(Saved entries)

■ ■ ■ ■ ■

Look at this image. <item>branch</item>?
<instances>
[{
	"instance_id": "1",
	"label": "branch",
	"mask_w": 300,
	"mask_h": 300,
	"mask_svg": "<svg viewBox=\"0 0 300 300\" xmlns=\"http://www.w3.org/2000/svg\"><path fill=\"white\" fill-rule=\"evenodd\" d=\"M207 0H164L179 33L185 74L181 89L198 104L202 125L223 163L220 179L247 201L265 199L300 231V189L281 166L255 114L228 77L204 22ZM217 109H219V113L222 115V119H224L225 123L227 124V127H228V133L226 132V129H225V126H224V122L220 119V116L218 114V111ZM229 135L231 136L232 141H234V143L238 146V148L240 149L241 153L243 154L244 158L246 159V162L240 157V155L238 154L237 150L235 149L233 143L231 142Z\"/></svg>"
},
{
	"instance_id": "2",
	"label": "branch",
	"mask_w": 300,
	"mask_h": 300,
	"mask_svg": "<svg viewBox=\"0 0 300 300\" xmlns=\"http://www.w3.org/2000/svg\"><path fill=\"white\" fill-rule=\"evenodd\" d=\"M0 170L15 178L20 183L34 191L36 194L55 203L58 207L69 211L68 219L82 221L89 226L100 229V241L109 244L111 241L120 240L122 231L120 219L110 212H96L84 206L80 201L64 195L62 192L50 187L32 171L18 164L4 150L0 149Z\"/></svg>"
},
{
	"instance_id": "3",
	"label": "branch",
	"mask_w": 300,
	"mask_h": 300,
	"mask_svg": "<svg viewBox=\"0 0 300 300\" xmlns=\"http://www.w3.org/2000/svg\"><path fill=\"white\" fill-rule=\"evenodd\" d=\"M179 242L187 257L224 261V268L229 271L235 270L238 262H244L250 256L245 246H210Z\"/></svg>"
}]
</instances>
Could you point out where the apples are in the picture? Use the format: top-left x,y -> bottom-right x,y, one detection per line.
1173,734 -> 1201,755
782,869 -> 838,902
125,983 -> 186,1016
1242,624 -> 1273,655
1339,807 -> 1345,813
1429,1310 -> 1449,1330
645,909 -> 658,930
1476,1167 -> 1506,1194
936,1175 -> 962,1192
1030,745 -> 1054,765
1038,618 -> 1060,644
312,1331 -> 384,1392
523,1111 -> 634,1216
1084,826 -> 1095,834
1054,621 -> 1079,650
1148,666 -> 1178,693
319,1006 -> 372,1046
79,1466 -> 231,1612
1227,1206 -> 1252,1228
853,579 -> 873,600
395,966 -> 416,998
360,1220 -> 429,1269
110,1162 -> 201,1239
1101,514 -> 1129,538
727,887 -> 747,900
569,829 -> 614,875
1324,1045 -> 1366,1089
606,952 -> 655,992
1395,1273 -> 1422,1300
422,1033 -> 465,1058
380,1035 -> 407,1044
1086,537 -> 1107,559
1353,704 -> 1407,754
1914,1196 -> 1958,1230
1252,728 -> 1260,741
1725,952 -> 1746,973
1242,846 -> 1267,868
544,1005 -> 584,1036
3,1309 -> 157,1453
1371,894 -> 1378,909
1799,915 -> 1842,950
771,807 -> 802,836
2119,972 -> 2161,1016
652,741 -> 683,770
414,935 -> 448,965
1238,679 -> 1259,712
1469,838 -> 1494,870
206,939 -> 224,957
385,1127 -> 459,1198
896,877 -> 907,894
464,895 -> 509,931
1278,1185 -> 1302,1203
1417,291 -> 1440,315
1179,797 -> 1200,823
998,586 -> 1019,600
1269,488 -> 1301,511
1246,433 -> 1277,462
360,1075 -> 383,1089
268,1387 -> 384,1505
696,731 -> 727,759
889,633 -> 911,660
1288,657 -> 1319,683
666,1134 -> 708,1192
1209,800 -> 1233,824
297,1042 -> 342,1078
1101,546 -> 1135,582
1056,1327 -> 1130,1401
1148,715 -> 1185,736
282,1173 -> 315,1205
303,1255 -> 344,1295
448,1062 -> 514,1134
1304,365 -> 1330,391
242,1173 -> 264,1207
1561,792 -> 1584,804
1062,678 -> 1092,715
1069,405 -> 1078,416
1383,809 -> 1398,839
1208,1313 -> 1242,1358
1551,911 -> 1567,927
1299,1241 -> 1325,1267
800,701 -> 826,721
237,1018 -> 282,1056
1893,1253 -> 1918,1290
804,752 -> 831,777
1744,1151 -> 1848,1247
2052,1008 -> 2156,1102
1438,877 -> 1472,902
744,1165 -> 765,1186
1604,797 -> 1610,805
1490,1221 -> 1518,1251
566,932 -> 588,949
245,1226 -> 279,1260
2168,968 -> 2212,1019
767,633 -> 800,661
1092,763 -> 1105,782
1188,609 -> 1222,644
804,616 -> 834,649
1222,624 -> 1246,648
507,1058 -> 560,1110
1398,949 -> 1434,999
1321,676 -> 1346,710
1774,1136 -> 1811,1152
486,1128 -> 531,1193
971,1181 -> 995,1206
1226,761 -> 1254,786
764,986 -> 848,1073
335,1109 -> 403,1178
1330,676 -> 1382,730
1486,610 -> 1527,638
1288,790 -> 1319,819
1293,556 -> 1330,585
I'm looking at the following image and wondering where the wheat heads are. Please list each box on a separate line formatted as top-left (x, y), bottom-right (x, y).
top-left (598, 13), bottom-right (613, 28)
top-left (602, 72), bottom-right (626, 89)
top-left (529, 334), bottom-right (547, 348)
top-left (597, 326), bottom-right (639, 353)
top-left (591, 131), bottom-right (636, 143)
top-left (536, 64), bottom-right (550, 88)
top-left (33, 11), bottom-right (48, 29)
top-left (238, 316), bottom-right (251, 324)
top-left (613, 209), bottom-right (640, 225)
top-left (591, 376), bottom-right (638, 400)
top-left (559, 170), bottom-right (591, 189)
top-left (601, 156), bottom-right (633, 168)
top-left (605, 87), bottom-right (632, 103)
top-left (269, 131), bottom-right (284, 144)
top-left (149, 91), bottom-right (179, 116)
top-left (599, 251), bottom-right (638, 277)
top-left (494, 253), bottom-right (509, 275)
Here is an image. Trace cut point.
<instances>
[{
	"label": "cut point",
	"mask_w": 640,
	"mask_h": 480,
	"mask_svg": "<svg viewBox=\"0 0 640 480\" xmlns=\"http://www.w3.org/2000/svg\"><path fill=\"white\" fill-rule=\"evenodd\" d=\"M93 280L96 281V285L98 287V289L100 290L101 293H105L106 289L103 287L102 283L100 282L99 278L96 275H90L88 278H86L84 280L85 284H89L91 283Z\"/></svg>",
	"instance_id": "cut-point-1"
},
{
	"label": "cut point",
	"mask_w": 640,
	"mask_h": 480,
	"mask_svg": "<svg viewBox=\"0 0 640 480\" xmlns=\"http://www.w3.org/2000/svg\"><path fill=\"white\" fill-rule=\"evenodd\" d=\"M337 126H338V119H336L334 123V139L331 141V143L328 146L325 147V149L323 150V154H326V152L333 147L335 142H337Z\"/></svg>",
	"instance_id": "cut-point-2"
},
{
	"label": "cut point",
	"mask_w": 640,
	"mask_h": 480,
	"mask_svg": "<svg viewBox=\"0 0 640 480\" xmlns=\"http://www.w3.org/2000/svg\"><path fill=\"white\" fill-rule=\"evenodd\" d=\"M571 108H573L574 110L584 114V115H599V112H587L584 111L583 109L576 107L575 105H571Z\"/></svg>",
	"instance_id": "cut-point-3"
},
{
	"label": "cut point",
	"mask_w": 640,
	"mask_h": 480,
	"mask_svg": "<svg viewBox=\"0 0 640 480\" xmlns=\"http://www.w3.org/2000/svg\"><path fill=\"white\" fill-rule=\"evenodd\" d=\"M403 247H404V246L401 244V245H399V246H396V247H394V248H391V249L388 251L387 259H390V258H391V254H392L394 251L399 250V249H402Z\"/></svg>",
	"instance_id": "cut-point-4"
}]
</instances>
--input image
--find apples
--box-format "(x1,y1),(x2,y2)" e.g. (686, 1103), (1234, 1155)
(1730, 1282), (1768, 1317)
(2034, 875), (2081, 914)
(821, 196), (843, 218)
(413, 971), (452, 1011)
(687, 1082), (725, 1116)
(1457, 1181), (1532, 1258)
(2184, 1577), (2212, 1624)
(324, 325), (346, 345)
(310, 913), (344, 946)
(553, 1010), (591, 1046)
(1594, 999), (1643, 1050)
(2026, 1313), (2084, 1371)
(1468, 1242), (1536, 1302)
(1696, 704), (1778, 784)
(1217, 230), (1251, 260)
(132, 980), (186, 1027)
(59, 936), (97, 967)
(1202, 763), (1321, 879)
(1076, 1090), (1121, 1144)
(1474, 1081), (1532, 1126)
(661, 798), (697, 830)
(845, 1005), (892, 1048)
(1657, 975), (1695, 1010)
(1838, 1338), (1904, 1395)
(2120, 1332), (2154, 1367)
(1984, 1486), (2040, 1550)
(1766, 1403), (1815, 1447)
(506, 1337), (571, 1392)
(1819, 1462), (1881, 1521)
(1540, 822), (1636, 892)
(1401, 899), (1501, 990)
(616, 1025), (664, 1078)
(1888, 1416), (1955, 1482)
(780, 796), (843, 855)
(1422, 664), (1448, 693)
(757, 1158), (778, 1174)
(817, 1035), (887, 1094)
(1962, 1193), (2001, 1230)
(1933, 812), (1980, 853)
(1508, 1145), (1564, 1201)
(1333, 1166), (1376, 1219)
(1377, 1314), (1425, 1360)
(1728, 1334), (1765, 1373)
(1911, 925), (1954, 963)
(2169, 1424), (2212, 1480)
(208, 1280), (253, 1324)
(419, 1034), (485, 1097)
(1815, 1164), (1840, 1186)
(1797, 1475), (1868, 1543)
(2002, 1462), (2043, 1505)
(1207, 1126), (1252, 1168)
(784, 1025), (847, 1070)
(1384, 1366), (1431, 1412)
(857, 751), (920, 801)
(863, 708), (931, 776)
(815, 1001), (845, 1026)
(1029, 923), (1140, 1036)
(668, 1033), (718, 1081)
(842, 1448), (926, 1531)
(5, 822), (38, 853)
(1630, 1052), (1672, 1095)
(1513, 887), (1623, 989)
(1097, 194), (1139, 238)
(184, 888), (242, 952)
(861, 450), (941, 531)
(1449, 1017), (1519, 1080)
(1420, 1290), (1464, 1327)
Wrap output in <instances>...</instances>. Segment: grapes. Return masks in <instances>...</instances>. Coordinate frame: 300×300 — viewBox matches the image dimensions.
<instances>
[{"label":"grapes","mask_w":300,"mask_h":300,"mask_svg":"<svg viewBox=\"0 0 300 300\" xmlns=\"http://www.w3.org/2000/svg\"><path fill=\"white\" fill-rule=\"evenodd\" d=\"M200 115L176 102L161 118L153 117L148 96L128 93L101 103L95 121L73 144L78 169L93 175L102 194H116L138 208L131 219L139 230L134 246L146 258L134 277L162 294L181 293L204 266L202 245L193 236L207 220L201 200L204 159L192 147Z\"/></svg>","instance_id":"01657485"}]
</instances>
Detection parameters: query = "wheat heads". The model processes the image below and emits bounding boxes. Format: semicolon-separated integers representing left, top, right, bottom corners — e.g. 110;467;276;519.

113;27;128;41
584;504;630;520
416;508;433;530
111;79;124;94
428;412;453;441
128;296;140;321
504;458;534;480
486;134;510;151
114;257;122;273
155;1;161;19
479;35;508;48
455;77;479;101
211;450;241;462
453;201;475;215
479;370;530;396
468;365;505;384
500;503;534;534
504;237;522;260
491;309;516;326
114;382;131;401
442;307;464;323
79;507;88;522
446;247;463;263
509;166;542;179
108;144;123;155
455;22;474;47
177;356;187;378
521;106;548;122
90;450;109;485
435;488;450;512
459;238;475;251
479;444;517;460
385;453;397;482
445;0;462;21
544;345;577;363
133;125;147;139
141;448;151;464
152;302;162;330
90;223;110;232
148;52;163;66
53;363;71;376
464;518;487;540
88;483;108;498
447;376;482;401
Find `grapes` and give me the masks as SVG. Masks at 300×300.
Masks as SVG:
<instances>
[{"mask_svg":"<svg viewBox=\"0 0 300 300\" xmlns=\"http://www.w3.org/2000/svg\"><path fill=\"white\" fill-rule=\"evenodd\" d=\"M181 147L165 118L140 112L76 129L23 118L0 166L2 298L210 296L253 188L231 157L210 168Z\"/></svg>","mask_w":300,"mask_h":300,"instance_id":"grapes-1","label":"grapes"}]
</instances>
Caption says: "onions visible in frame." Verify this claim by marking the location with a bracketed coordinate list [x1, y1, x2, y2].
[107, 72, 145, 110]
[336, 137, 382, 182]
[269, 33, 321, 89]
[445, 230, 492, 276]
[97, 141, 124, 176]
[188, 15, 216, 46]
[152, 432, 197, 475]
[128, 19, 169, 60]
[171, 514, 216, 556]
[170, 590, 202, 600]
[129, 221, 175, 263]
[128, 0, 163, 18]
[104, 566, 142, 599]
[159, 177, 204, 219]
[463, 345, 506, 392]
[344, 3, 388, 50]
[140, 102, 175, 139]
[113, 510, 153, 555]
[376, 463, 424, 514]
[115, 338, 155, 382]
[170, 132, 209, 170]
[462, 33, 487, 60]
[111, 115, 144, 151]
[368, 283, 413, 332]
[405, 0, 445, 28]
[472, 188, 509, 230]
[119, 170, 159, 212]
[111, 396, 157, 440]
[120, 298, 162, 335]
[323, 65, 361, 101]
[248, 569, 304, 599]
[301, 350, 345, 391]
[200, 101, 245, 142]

■ ■ ■ ■ ■

**Problem**
Would you please copy every line in the data that contains the word "image"?

**Written response**
Look at this image. <item>branch</item>?
I'm looking at the following image and wondering where the wheat heads are. Please list each box on a separate line formatted as top-left (x, y), bottom-right (x, y).
Here is an image. Trace cut point.
--input image
Wrap output in <instances>...</instances>. Segment: grapes. Return masks in <instances>...</instances>. Coordinate frame: 300×300 — viewBox matches the image dimensions.
Detection parameters: query = "wheat heads". The model processes the image below and emits bounding boxes. Format: semicolon-separated integers representing left, top, right, bottom corners — e.g. 110;467;276;519.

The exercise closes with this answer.